WHAT THE TASK REQUIRES: Reproduce exactly the line containing "0.0 to 1.6 s: In" and every line after it, through the last line of the records below; add nothing.

:: RECORDS SUPPLIED

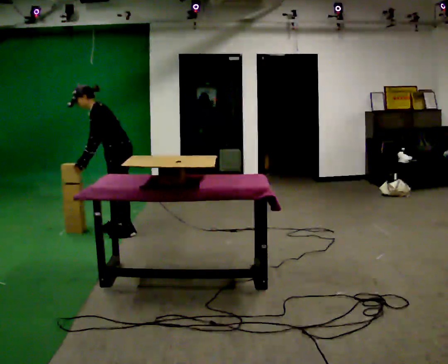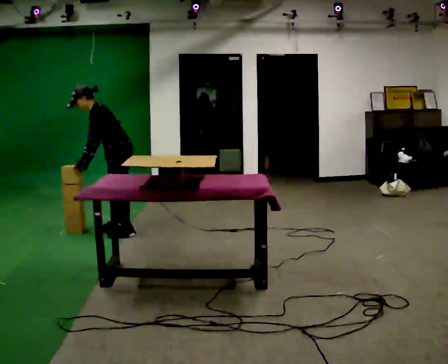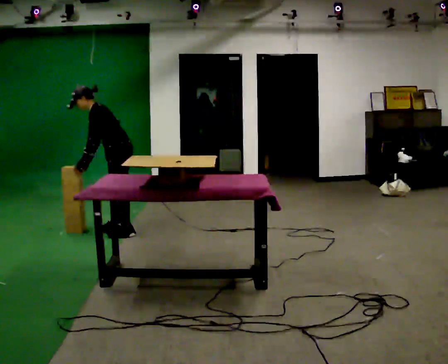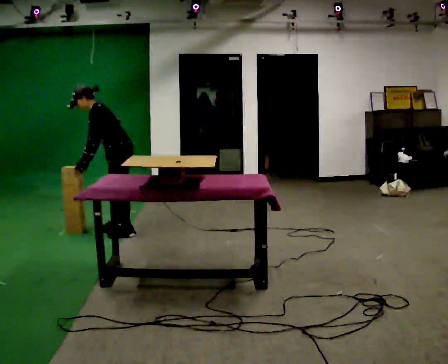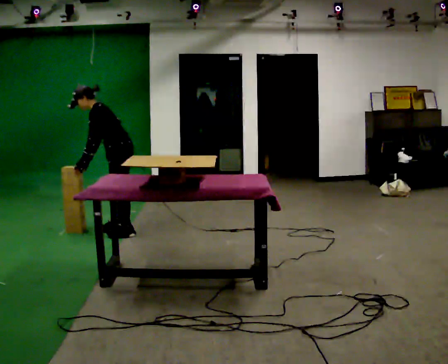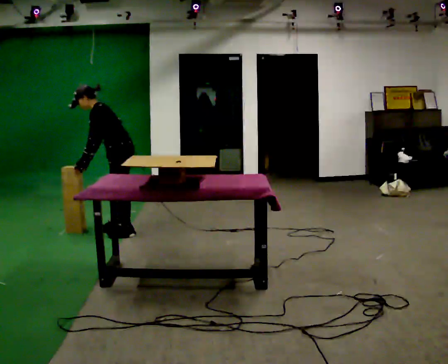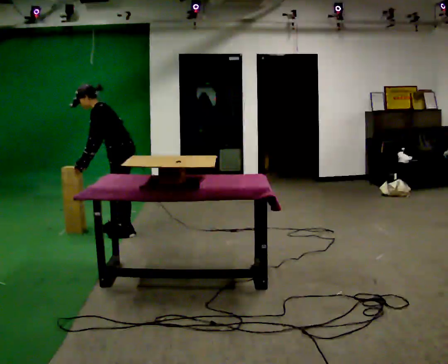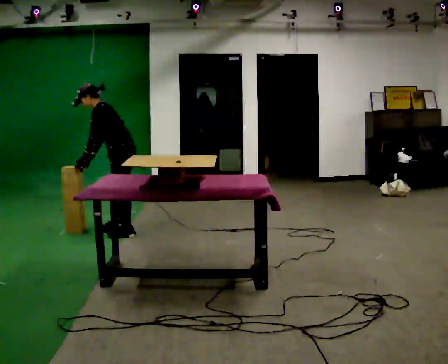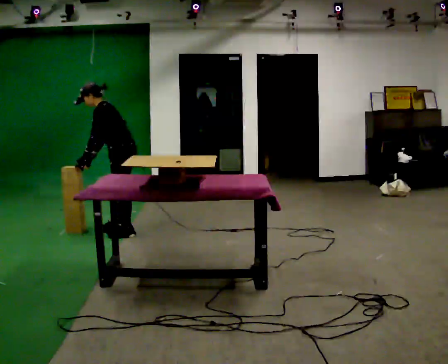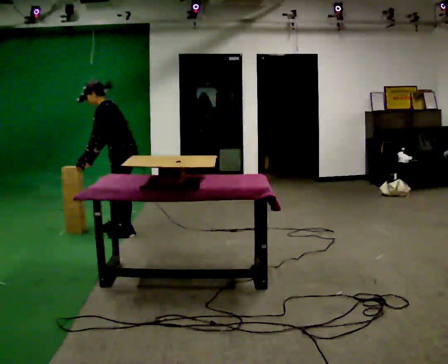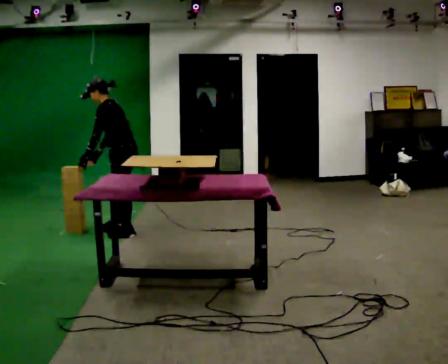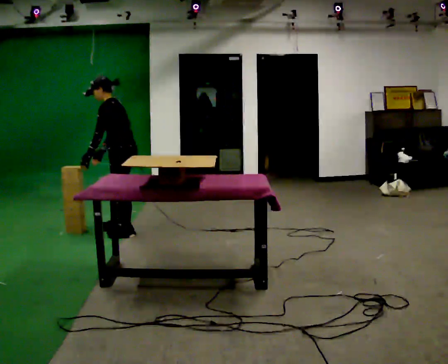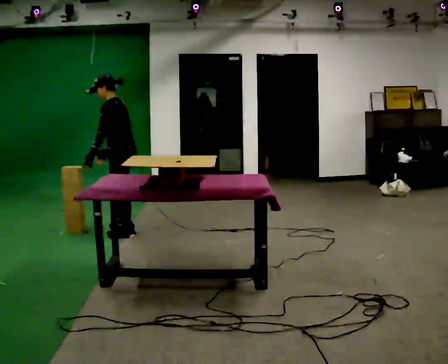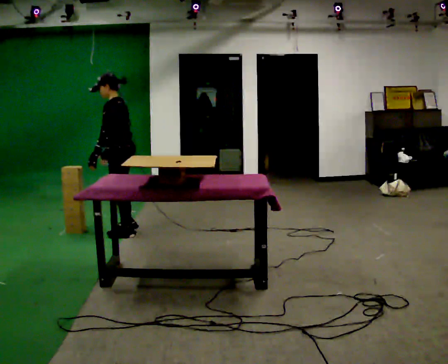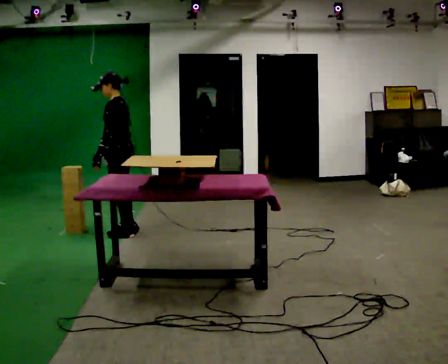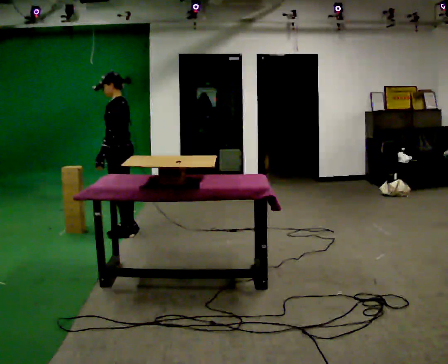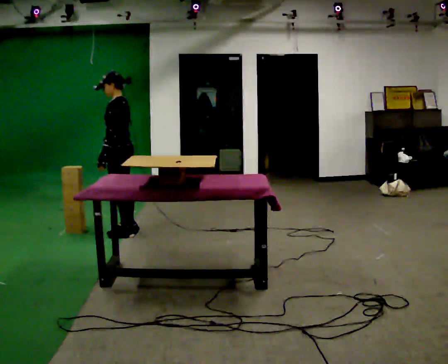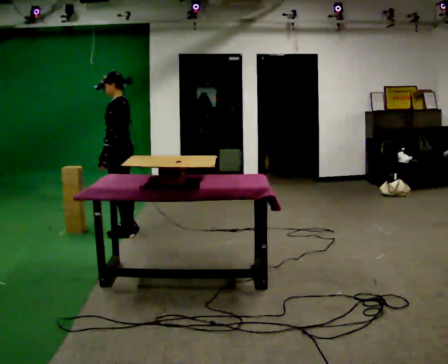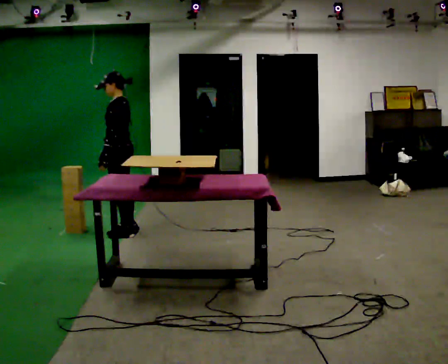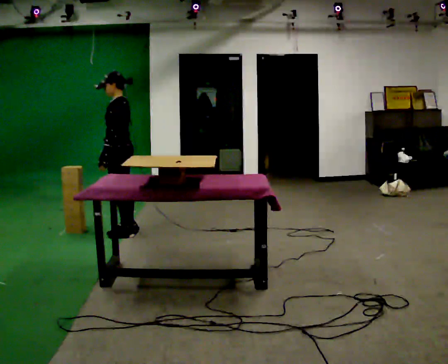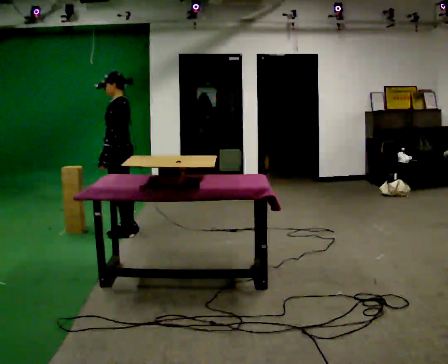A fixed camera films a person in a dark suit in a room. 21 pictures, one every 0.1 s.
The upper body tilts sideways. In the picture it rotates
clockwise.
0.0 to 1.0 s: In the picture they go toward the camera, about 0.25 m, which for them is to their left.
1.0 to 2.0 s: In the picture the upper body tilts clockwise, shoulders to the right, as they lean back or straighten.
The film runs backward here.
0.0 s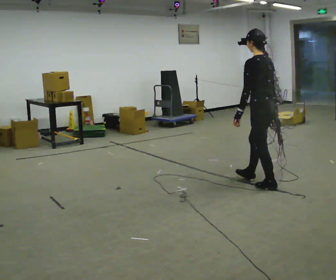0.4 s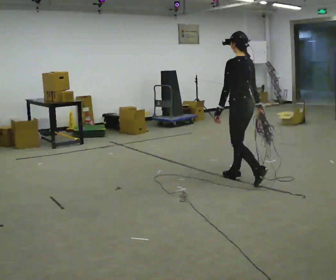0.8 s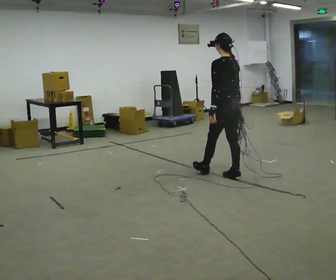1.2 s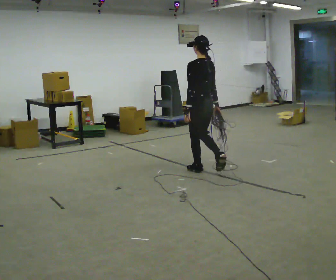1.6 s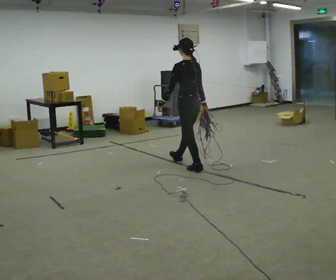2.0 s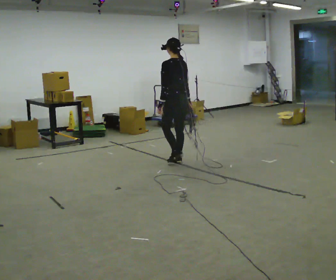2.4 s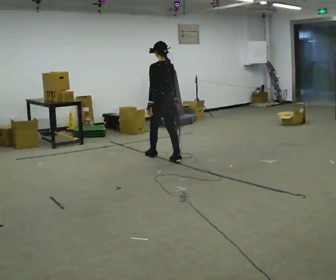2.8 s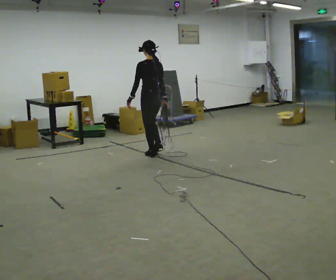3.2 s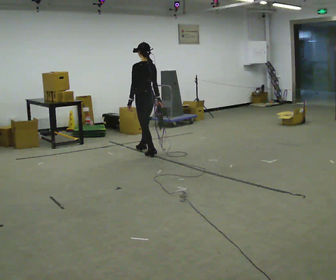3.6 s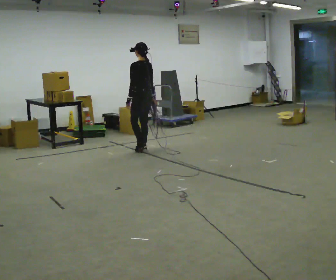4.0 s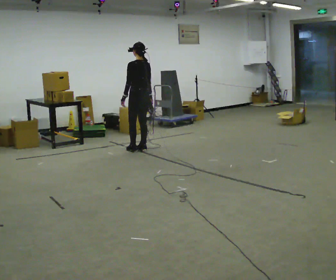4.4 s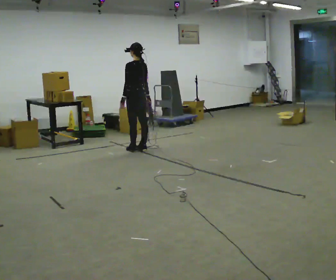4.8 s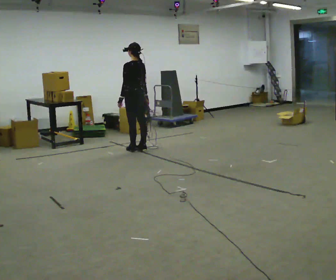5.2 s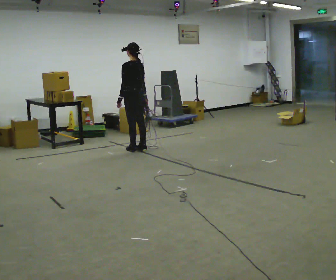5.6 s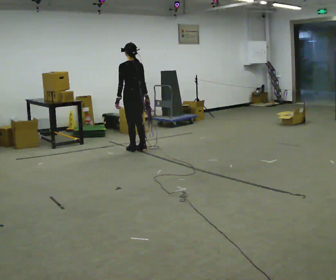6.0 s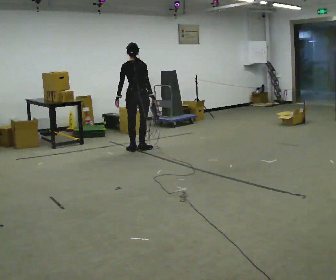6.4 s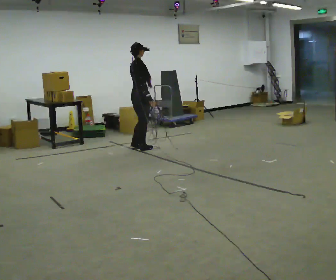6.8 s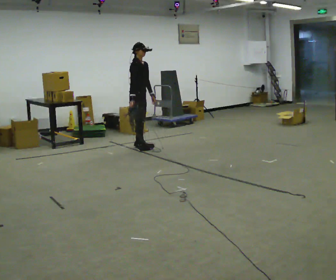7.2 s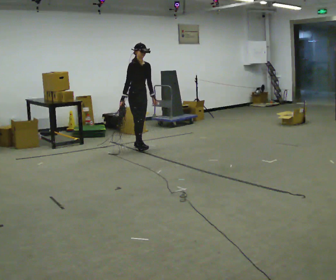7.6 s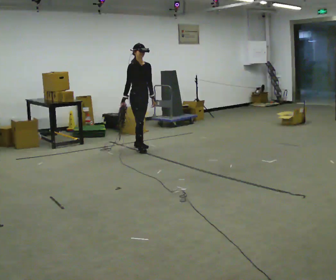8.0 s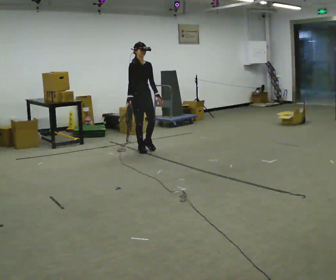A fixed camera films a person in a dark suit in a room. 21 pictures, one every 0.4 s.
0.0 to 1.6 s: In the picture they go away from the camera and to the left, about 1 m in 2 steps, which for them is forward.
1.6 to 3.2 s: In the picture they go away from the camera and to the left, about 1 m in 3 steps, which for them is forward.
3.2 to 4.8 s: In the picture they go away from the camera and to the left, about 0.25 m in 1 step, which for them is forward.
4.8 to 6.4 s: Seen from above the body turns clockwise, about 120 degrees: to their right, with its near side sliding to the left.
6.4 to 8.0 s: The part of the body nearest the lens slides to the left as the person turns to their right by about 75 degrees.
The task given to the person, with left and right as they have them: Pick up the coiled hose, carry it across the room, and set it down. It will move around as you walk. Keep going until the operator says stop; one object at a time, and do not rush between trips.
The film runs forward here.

::::

TASK ANSWER:
0.0 to 1.6 s: In the picture they go away from the camera and to the left, about 1 m in 2 steps, which for them is forward.
1.6 to 3.2 s: In the picture they go away from the camera and to the left, about 1 m in 3 steps, which for them is forward.
3.2 to 4.8 s: In the picture they go away from the camera and to the left, about 0.25 m in 1 step, which for them is forward.
4.8 to 6.4 s: Seen from above the body turns clockwise, about 120 degrees: to their right, with its near side sliding to the left.
6.4 to 8.0 s: The part of the body nearest the lens slides to the left as the person turns to their right by about 75 degrees.
The task given to the person, with left and right as they have them: Pick up the coiled hose, carry it across the room, and set it down. It will move around as you walk. Keep going until the operator says stop; one object at a time, and do not rush between trips.
The film runs forward here.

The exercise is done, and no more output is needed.